CSPI has been trying to get Quorn off of American and British supermarket shelves since 2002. Lawyers for the nonprofit group are presently representing an American woman who became violently ill after eating Quorn “Chik’n Patties.” Her lawsuit seeks to compel the company to place notices on Quorn labels warning consumers about the adverse reactions. CSPI has also been collecting adverse reaction reports online (more than 1,500 to date), and recently began receiving reports from worried Australian consumers.
Debra Connell of Melbourne was home with her three-and-a-half year-old twins when she became ill with vomiting, diarrhea, and a red rash after eating Quorn Lasagna. She says she’s a careful label reader, but had no idea what to expect from eating “mycoprotein.”

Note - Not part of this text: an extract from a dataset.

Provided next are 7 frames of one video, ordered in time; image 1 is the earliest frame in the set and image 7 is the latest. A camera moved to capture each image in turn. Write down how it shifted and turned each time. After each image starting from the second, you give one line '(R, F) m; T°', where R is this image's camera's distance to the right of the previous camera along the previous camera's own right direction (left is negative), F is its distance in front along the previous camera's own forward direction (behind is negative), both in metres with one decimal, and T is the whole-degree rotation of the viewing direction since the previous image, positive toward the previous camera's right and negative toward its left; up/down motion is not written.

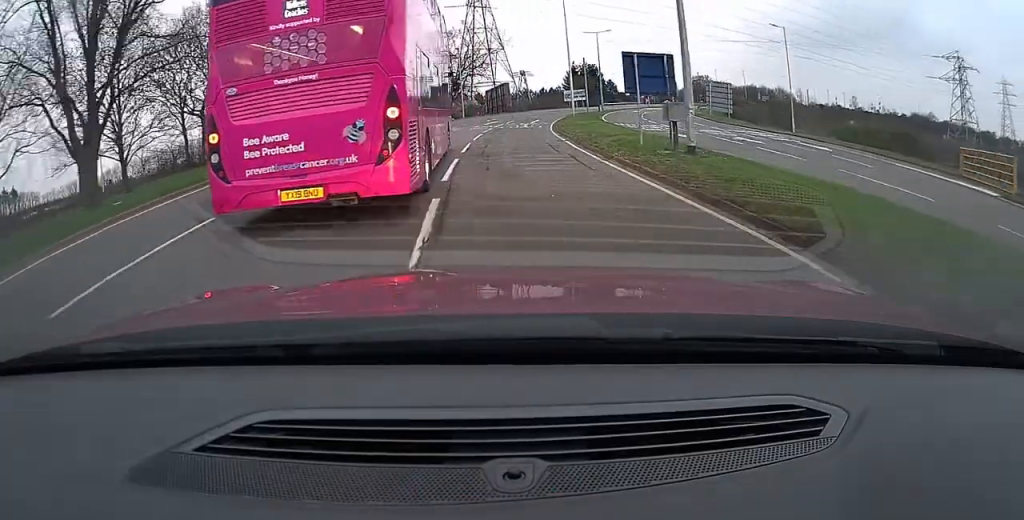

“It took two days for my constricted chest, coughing, and burning sensation in my chest to subside,” Connell said, adding that “I’m beginning to wonder if there are going to be life-long side effects from eating Quorn.”
As of now, the web site for Food Standards Australia & New Zealand blandly claims that “Reported cases of adverse events (gastrointestinal disturbance and allergy) are very rare. No safety concerns identified.”